» ACTION ITEM
Would you work out how many lines below include the word "attached"? Only that number is wanted.

» SUPPLIED DATA
[Start of section]
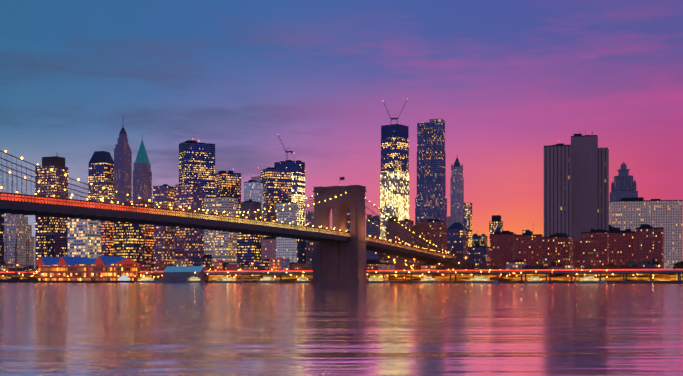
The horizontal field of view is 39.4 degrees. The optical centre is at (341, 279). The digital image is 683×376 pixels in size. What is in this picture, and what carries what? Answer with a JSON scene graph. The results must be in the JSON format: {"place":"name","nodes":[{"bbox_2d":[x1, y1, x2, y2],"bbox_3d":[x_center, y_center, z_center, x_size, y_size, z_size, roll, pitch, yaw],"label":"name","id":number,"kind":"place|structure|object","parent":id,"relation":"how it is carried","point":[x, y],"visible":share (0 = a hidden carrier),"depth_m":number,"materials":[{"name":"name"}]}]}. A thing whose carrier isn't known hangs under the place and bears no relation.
{"place":"outdoors","nodes":[
{"label":"outdoors","id":0,"kind":"place"},
{"bbox_2d":[3,129,653,277],"bbox_3d":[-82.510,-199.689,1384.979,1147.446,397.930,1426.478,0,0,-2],"label":"city lamps","id":1,"kind":"object","parent":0,"point":[303,272],"visible":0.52,"depth_m":944.52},
{"bbox_2d":[311,185,368,282],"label":"bridge tower","id":2,"kind":"structure","parent":0,"point":[339,262],"depth_m":825.96,"materials":[{"name":"brown stone"}]},
{"bbox_2d":[0,150,452,255],"bbox_3d":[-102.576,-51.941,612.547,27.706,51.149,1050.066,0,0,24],"label":"bridge cables","id":3,"kind":"object","parent":2,"relation":"on","point":[234,214],"visible":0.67,"depth_m":699.98,"materials":[{"name":"grey metal"}]},
{"bbox_2d":[1,151,448,253],"bbox_3d":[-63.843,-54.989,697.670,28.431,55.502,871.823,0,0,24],"label":"brooklyn bridge lamps","id":4,"kind":"object","parent":3,"relation":"attached to","point":[198,209],"visible":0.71,"depth_m":595.51,"materials":[{"name":"yellow glass"}]},
{"bbox_2d":[0,192,455,262],"bbox_3d":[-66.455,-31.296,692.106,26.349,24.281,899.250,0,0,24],"label":"bridge deck","id":5,"kind":"structure","parent":3,"relation":"on","point":[14,207],"depth_m":602.73,"materials":[{"name":"metal"}]},
{"bbox_2d":[1,194,451,257],"bbox_3d":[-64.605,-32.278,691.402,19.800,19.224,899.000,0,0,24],"label":"brooklyn bridge traffic trails","id":6,"kind":"object","parent":5,"relation":"on","point":[79,205],"visible":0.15,"depth_m":551.26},
{"bbox_2d":[0,282,682,375],"bbox_3d":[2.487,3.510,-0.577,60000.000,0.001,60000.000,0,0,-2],"label":"river water","id":7,"kind":"structure","parent":0,"point":[314,329],"depth_m":66.58,"materials":[{"name":"purple liquid"}]},
{"bbox_2d":[0,236,37,282],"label":"ship peking","id":8,"kind":"object","parent":7,"relation":"on","point":[16,279],"visible":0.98,"depth_m":1024.72,"materials":[{"name":"grey metal"}]},
{"bbox_2d":[7,239,48,282],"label":"ship wavertree","id":9,"kind":"object","parent":7,"relation":"on","point":[41,247],"visible":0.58,"depth_m":1039.30,"materials":[{"name":"grey"}]},
{"bbox_2d":[134,277,159,282],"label":"boat","id":10,"kind":"object","parent":7,"relation":"on","point":[145,280],"visible":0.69,"depth_m":964.80,"materials":[{"name":"grey"}]},
{"bbox_2d":[185,277,204,282],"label":"boat","id":11,"kind":"object","parent":7,"relation":"on","point":[193,279],"visible":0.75,"depth_m":957.52,"materials":[{"name":"grey"}]},
{"bbox_2d":[212,277,243,282],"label":"boat","id":12,"kind":"object","parent":7,"relation":"on","point":[226,280],"visible":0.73,"depth_m":922.66,"materials":[{"name":"grey"}]},
{"bbox_2d":[258,277,278,282],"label":"boat","id":13,"kind":"object","parent":7,"relation":"on","point":[266,280],"visible":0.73,"depth_m":916.47,"materials":[{"name":"grey"}]},
{"bbox_2d":[295,277,310,282],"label":"boat","id":14,"kind":"object","parent":7,"relation":"on","point":[302,279],"visible":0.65,"depth_m":909.26,"materials":[{"name":"grey"}]},
{"bbox_2d":[367,277,389,282],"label":"boat","id":15,"kind":"object","parent":7,"relation":"on","point":[376,280],"visible":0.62,"depth_m":875.39,"materials":[{"name":"grey"}]},
{"bbox_2d":[418,277,439,282],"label":"boat","id":16,"kind":"object","parent":7,"relation":"on","point":[427,280],"visible":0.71,"depth_m":857.74,"materials":[{"name":"grey"}]},
{"bbox_2d":[465,276,497,282],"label":"boat","id":17,"kind":"object","parent":7,"relation":"on","point":[479,279],"visible":0.83,"depth_m":828.22,"materials":[{"name":"grey"}]},
{"bbox_2d":[524,276,547,282],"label":"boat","id":18,"kind":"object","parent":7,"relation":"on","point":[534,279],"visible":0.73,"depth_m":813.27,"materials":[{"name":"grey"}]},
{"bbox_2d":[575,272,605,283],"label":"boat","id":19,"kind":"object","parent":7,"relation":"on","point":[590,279],"visible":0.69,"depth_m":778.49,"materials":[{"name":"grey"}]},
{"bbox_2d":[0,0,682,246],"label":"sky","id":20,"kind":"structure","parent":0,"point":[508,80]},
{"bbox_2d":[544,134,597,240],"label":"skyscraper","id":21,"kind":"structure","parent":0,"point":[584,183],"depth_m":1099.81,"materials":[{"name":"grey concrete"}]},
{"bbox_2d":[598,147,608,231],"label":"skyscraper","id":22,"kind":"structure","parent":0,"point":[603,188],"depth_m":1118.42,"materials":[{"name":"grey concrete"}]},
{"bbox_2d":[610,161,637,201],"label":"skyscraper","id":23,"kind":"structure","parent":0,"point":[623,185],"depth_m":1441.15,"materials":[{"name":"grey stone"}]},
{"bbox_3d":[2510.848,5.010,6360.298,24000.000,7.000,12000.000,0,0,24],"label":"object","id":24,"kind":"structure","parent":0,"visible":0},
{"bbox_2d":[0,214,3,260],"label":"building","id":25,"kind":"structure","parent":24,"relation":"on","point":[1,233],"depth_m":1322.99,"materials":[{"name":"blue"}]},
{"bbox_2d":[0,256,12,270],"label":"low building","id":26,"kind":"structure","parent":24,"relation":"on","point":[2,267],"depth_m":1141.14,"materials":[{"name":"brown"}]},
{"bbox_2d":[4,213,34,267],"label":"building","id":27,"kind":"structure","parent":24,"relation":"on","point":[18,226],"depth_m":1392.58,"materials":[{"name":"grey"}]},
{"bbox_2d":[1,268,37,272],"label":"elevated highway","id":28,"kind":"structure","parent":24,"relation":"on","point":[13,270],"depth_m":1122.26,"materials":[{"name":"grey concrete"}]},
{"bbox_2d":[22,265,37,270],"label":"low building","id":29,"kind":"structure","parent":24,"relation":"on","point":[32,268],"depth_m":1152.93,"materials":[{"name":"brown"}]},
{"bbox_2d":[35,156,67,267],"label":"skyscraper","id":30,"kind":"structure","parent":24,"relation":"on","point":[51,234],"depth_m":1375.74,"materials":[{"name":"grey"}]},
{"bbox_2d":[68,218,100,257],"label":"white building","id":31,"kind":"structure","parent":24,"relation":"on","point":[84,238],"depth_m":1239.45,"materials":[{"name":"grey"}]},
{"bbox_2d":[31,256,140,282],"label":"pier pavilion","id":32,"kind":"structure","parent":24,"relation":"on","point":[104,267],"depth_m":981.94,"materials":[{"name":"red"}]},
{"bbox_2d":[119,275,129,280],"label":"white tent","id":33,"kind":"object","parent":32,"relation":"on","point":[124,278],"visible":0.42,"depth_m":971.66,"materials":[{"name":"white fabric"}]},
{"bbox_2d":[88,151,113,202],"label":"skyscraper","id":34,"kind":"structure","parent":24,"relation":"on","point":[100,169],"depth_m":1693.36,"materials":[{"name":"blue glass"}]},
{"bbox_2d":[101,221,113,255],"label":"building","id":35,"kind":"structure","parent":24,"relation":"on","point":[107,238],"depth_m":1323.47,"materials":[{"name":"grey"}]},
{"bbox_2d":[114,128,131,203],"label":"skyscraper","id":36,"kind":"structure","parent":24,"relation":"on","point":[122,168],"depth_m":1681.12,"materials":[{"name":"purple"}]},
{"bbox_2d":[114,202,144,263],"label":"skyscraper","id":37,"kind":"structure","parent":24,"relation":"on","point":[129,241],"depth_m":1280.00,"materials":[{"name":"grey"}]},
{"bbox_2d":[133,140,151,204],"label":"skyscraper","id":38,"kind":"structure","parent":24,"relation":"on","point":[142,180],"depth_m":1859.45,"materials":[{"name":"grey"}]},
{"bbox_2d":[135,200,153,263],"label":"building","id":39,"kind":"structure","parent":24,"relation":"on","point":[149,242],"depth_m":1368.32,"materials":[{"name":"grey"}]},
{"bbox_2d":[140,259,153,270],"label":"low building","id":40,"kind":"structure","parent":24,"relation":"on","point":[145,266],"depth_m":1070.57,"materials":[{"name":"brown"}]},
{"bbox_2d":[153,184,174,270],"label":"mauve building","id":41,"kind":"structure","parent":24,"relation":"on","point":[164,239],"depth_m":1402.95,"materials":[{"name":"purple"}]},
{"bbox_2d":[159,260,168,270],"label":"building","id":42,"kind":"structure","parent":24,"relation":"on","point":[163,264],"depth_m":1068.03,"materials":[{"name":"brown"}]},
{"bbox_2d":[173,259,184,265],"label":"low building","id":43,"kind":"structure","parent":24,"relation":"on","point":[180,262],"depth_m":1066.26,"materials":[{"name":"grey"}]},
{"bbox_2d":[154,266,207,282],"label":"pier shed","id":44,"kind":"structure","parent":24,"relation":"on","point":[177,274],"depth_m":984.18,"materials":[{"name":"metal"}]},
{"bbox_2d":[0,275,367,280],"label":"lit seaport frontage","id":45,"kind":"object","parent":24,"relation":"on","point":[258,277],"visible":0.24,"depth_m":960.89,"materials":[{"name":"yellow"}]},
{"bbox_2d":[175,183,203,265],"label":"mauve building","id":46,"kind":"structure","parent":24,"relation":"on","point":[189,244],"depth_m":1381.77,"materials":[{"name":"purple"}]},
{"bbox_2d":[179,140,214,196],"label":"building","id":47,"kind":"structure","parent":24,"relation":"on","point":[196,162],"depth_m":1709.95,"materials":[{"name":"blue glass"}]},
{"bbox_2d":[193,251,212,269],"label":"low building","id":48,"kind":"structure","parent":24,"relation":"on","point":[206,260],"depth_m":1068.67,"materials":[{"name":"blue stone"}]},
{"bbox_2d":[214,260,222,270],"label":"building","id":49,"kind":"structure","parent":24,"relation":"on","point":[218,265],"depth_m":1035.97,"materials":[{"name":"orange"}]},
{"bbox_2d":[208,262,228,270],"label":"seaport building","id":50,"kind":"structure","parent":24,"relation":"on","point":[212,267],"depth_m":1052.36,"materials":[{"name":"brown"}]},
{"bbox_2d":[204,196,237,265],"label":"cream building","id":51,"kind":"structure","parent":24,"relation":"on","point":[219,245],"depth_m":1284.12,"materials":[{"name":"grey"}]},
{"bbox_2d":[215,170,240,218],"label":"skyscraper","id":52,"kind":"structure","parent":24,"relation":"on","point":[228,183],"depth_m":1584.58,"materials":[{"name":"grey"}]},
{"bbox_2d":[226,264,240,270],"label":"low building","id":53,"kind":"structure","parent":24,"relation":"on","point":[232,267],"depth_m":1034.82,"materials":[{"name":"brown"}]},
{"bbox_2d":[240,267,253,270],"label":"low building","id":54,"kind":"structure","parent":24,"relation":"on","point":[247,268],"depth_m":1029.38,"materials":[{"name":"brown stone"}]},
{"bbox_2d":[241,261,253,266],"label":"low building","id":55,"kind":"structure","parent":24,"relation":"on","point":[245,264],"depth_m":1061.81,"materials":[{"name":"brown stone"}]},
{"bbox_2d":[237,233,261,263],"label":"dark building bands","id":56,"kind":"object","parent":24,"relation":"on","point":[249,248],"visible":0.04,"depth_m":1256.22,"materials":[{"name":"blue"}]},
{"bbox_2d":[240,199,260,219],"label":"brown building","id":57,"kind":"structure","parent":24,"relation":"on","point":[250,205],"depth_m":1367.04,"materials":[{"name":"grey"}]},
{"bbox_2d":[244,180,262,237],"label":"building","id":58,"kind":"structure","parent":24,"relation":"on","point":[253,190],"depth_m":1438.12,"materials":[{"name":"grey"}]},
{"bbox_2d":[251,174,260,181],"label":"building","id":59,"kind":"structure","parent":24,"relation":"on","point":[257,179],"depth_m":1546.07,"materials":[{"name":"grey"}]},
{"bbox_2d":[254,261,269,270],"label":"low building","id":60,"kind":"structure","parent":24,"relation":"on","point":[261,265],"depth_m":1028.62,"materials":[{"name":"blue"}]},
{"bbox_2d":[261,236,275,260],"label":"pink building apartments","id":61,"kind":"structure","parent":24,"relation":"on","point":[268,247],"depth_m":1171.65,"materials":[{"name":"grey"}]},
{"bbox_2d":[261,167,291,237],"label":"skyscraper","id":62,"kind":"structure","parent":24,"relation":"on","point":[277,185],"depth_m":1482.78,"materials":[{"name":"blue glass"}]},
{"bbox_2d":[270,258,284,270],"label":"building","id":63,"kind":"structure","parent":24,"relation":"on","point":[275,264],"depth_m":1037.34,"materials":[{"name":"orange"}]},
{"bbox_2d":[281,259,289,270],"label":"building","id":64,"kind":"structure","parent":24,"relation":"on","point":[285,264],"depth_m":1034.69,"materials":[{"name":"grey"}]},
{"bbox_2d":[276,199,296,262],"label":"office building","id":65,"kind":"structure","parent":24,"relation":"on","point":[286,248],"depth_m":1112.44,"materials":[{"name":"grey"}]},
{"bbox_2d":[274,154,304,225],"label":"building under construction","id":66,"kind":"structure","parent":24,"relation":"on","point":[297,167],"depth_m":1624.55,"materials":[{"name":"blue glass"}]},
{"bbox_2d":[290,254,300,270],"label":"building","id":67,"kind":"structure","parent":24,"relation":"on","point":[293,262],"depth_m":1056.92,"materials":[{"name":"brown stone"}]},
{"bbox_2d":[291,264,305,271],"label":"low building","id":68,"kind":"structure","parent":24,"relation":"on","point":[299,267],"depth_m":1010.09,"materials":[{"name":"brown stone"}]},
{"bbox_2d":[298,239,305,263],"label":"dark building","id":69,"kind":"structure","parent":24,"relation":"on","point":[301,251],"depth_m":1221.78,"materials":[{"name":"blue"}]},
{"bbox_2d":[306,211,313,271],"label":"grey building","id":70,"kind":"structure","parent":24,"relation":"on","point":[309,255],"depth_m":1193.82,"materials":[{"name":"grey"}]},
{"bbox_2d":[0,269,682,280],"bbox_3d":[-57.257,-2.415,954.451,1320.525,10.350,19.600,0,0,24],"label":"elevated highway","id":71,"kind":"structure","parent":24,"relation":"on","point":[623,272],"depth_m":867.12,"materials":[{"name":"grey concrete"}]},
{"bbox_2d":[625,261,650,264],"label":"fdr sign gantry","id":72,"kind":"object","parent":71,"relation":"attached to","point":[634,262],"visible":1,"depth_m":801.72,"materials":[{"name":"teal metal"}]},
{"bbox_2d":[348,209,349,232],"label":"building","id":73,"kind":"structure","parent":24,"relation":"on","point":[348,220],"depth_m":1290.66,"materials":[{"name":"blue"}]},
{"bbox_2d":[366,215,380,238],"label":"building twin stacks","id":74,"kind":"object","parent":24,"relation":"on","point":[377,234],"visible":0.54,"depth_m":1245.44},
{"bbox_2d":[366,237,385,262],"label":"building","id":75,"kind":"structure","parent":24,"relation":"on","point":[371,255],"depth_m":1136.88,"materials":[{"name":"blue"}]},
{"bbox_2d":[367,260,390,269],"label":"building","id":76,"kind":"structure","parent":24,"relation":"on","point":[372,264],"depth_m":993.25,"materials":[{"name":"brown"}]},
{"bbox_2d":[88,280,682,283],"bbox_3d":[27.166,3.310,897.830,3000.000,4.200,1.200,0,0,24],"label":"bulkhead wall","id":77,"kind":"structure","parent":24,"relation":"on","point":[285,281],"depth_m":843.88,"materials":[{"name":"concrete"}]},
{"bbox_2d":[378,265,394,269],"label":"low building","id":78,"kind":"structure","parent":24,"relation":"on","point":[386,267],"depth_m":957.89,"materials":[{"name":"grey"}]},
{"bbox_2d":[380,124,408,239],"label":"skyscraper","id":79,"kind":"structure","parent":24,"relation":"on","point":[394,187],"depth_m":2087.79,"materials":[{"name":"blue"}]},
{"bbox_2d":[386,217,415,269],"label":"building","id":80,"kind":"structure","parent":24,"relation":"on","point":[400,263],"depth_m":1144.50,"materials":[{"name":"brown"}]},
{"bbox_2d":[421,261,436,269],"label":"low building","id":81,"kind":"structure","parent":24,"relation":"on","point":[427,265],"depth_m":996.70,"materials":[{"name":"pink stone"}]},
{"bbox_2d":[415,119,446,224],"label":"skyscraper","id":82,"kind":"structure","parent":24,"relation":"on","point":[431,201],"depth_m":1550.96,"materials":[{"name":"blue glass"}]},
{"bbox_2d":[416,219,446,269],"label":"building","id":83,"kind":"structure","parent":24,"relation":"on","point":[433,231],"depth_m":1164.79,"materials":[{"name":"brown brick"}]},
{"bbox_2d":[435,263,448,269],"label":"tree","id":84,"kind":"object","parent":24,"relation":"on","point":[441,267],"visible":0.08,"depth_m":912.18,"materials":[{"name":"green plant"}]},
{"bbox_2d":[443,262,459,269],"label":"tree","id":85,"kind":"object","parent":24,"relation":"on","point":[452,266],"visible":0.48,"depth_m":898.22,"materials":[{"name":"green plant"}]},
{"bbox_2d":[447,158,463,228],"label":"skyscraper","id":86,"kind":"structure","parent":24,"relation":"on","point":[456,195],"depth_m":1837.97,"materials":[{"name":"grey"}]},
{"bbox_2d":[447,222,467,261],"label":"building","id":87,"kind":"structure","parent":24,"relation":"on","point":[457,240],"depth_m":1295.35,"materials":[{"name":"blue glass"}]},
{"bbox_2d":[433,258,489,268],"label":"trees","id":88,"kind":"object","parent":24,"relation":"on","point":[461,261],"visible":0.04,"depth_m":1098.85,"materials":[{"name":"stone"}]},
{"bbox_2d":[458,265,467,269],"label":"tree","id":89,"kind":"object","parent":24,"relation":"on","point":[463,267],"visible":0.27,"depth_m":896.34,"materials":[{"name":"green plant"}]},
{"bbox_2d":[463,203,471,246],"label":"building","id":90,"kind":"structure","parent":24,"relation":"on","point":[467,215],"depth_m":1750.25,"materials":[{"name":"grey"}]},
{"bbox_2d":[467,263,480,269],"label":"tree","id":91,"kind":"object","parent":24,"relation":"on","point":[472,266],"visible":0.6,"depth_m":890.19,"materials":[{"name":"brown plant"}]},
{"bbox_2d":[468,244,489,266],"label":"building","id":92,"kind":"structure","parent":24,"relation":"on","point":[478,253],"depth_m":1393.88,"materials":[{"name":"blue"}]},
{"bbox_2d":[472,234,486,246],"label":"building","id":93,"kind":"structure","parent":24,"relation":"on","point":[480,239],"depth_m":1498.09,"materials":[{"name":"grey"}]},
{"bbox_2d":[481,265,499,269],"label":"tree","id":94,"kind":"object","parent":24,"relation":"on","point":[492,267],"visible":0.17,"depth_m":890.06,"materials":[{"name":"brown plant"}]},
{"bbox_2d":[489,215,502,246],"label":"building","id":95,"kind":"structure","parent":24,"relation":"on","point":[496,224],"depth_m":1651.31,"materials":[{"name":"grey"}]},
{"bbox_2d":[490,230,515,269],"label":"apartment building","id":96,"kind":"structure","parent":24,"relation":"on","point":[502,247],"depth_m":1128.53,"materials":[{"name":"brown brick"}]},
{"bbox_2d":[506,255,526,269],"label":"low building","id":97,"kind":"structure","parent":24,"relation":"on","point":[512,264],"depth_m":881.64,"materials":[{"name":"blue stone"}]},
{"bbox_2d":[515,264,529,269],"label":"tree","id":98,"kind":"object","parent":24,"relation":"on","point":[526,267],"visible":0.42,"depth_m":876.54,"materials":[{"name":"brown plant"}]},
{"bbox_2d":[515,231,542,265],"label":"apartment building","id":99,"kind":"structure","parent":24,"relation":"on","point":[528,246],"depth_m":1037.12,"materials":[{"name":"brown brick"}]},
{"bbox_2d":[534,263,550,269],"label":"tree","id":100,"kind":"object","parent":24,"relation":"on","point":[540,267],"visible":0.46,"depth_m":874.89,"materials":[{"name":"brown plant"}]},
{"bbox_2d":[547,262,566,270],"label":"low building","id":101,"kind":"structure","parent":24,"relation":"on","point":[553,265],"depth_m":918.66,"materials":[{"name":"blue stone"}]},
{"bbox_2d":[542,233,572,265],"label":"apartment building","id":102,"kind":"structure","parent":24,"relation":"on","point":[556,247],"depth_m":998.46,"materials":[{"name":"brown brick"}]},
{"bbox_2d":[565,266,573,270],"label":"low building","id":103,"kind":"structure","parent":24,"relation":"on","point":[569,267],"depth_m":896.98,"materials":[{"name":"grey"}]},
{"bbox_2d":[573,241,580,270],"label":"apartment building","id":104,"kind":"structure","parent":24,"relation":"on","point":[576,254],"depth_m":1104.92,"materials":[{"name":"brown brick"}]},
{"bbox_2d":[581,229,608,267],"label":"apartment building","id":105,"kind":"structure","parent":24,"relation":"on","point":[594,248],"depth_m":959.69,"materials":[{"name":"brown brick"}]},
{"bbox_2d":[602,263,617,268],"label":"tree","id":106,"kind":"object","parent":24,"relation":"on","point":[611,266],"visible":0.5,"depth_m":848.45,"materials":[{"name":"brown plant"}]},
{"bbox_2d":[609,228,634,268],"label":"apartment building","id":107,"kind":"structure","parent":24,"relation":"on","point":[621,248],"depth_m":930.79,"materials":[{"name":"brown brick"}]},
{"bbox_2d":[619,265,638,268],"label":"tree","id":108,"kind":"object","parent":24,"relation":"on","point":[626,267],"visible":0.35,"depth_m":847.00,"materials":[{"name":"brown plant"}]},
{"bbox_2d":[609,197,682,268],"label":"municipal building","id":109,"kind":"structure","parent":24,"relation":"on","point":[633,213],"depth_m":1410.46,"materials":[{"name":"grey"}]},
{"bbox_2d":[635,224,663,268],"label":"apartment building","id":110,"kind":"structure","parent":24,"relation":"on","point":[649,243],"depth_m":902.03,"materials":[{"name":"red brick"}]},
{"bbox_2d":[643,259,660,268],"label":"low building","id":111,"kind":"structure","parent":24,"relation":"on","point":[655,264],"depth_m":852.28,"materials":[{"name":"blue stone"}]},
{"bbox_2d":[673,261,682,268],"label":"tree","id":112,"kind":"object","parent":24,"relation":"on","point":[678,265],"visible":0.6,"depth_m":816.78,"materials":[{"name":"green plant"}]}
]}
[End of section]
» WRITTEN SOLUTION
2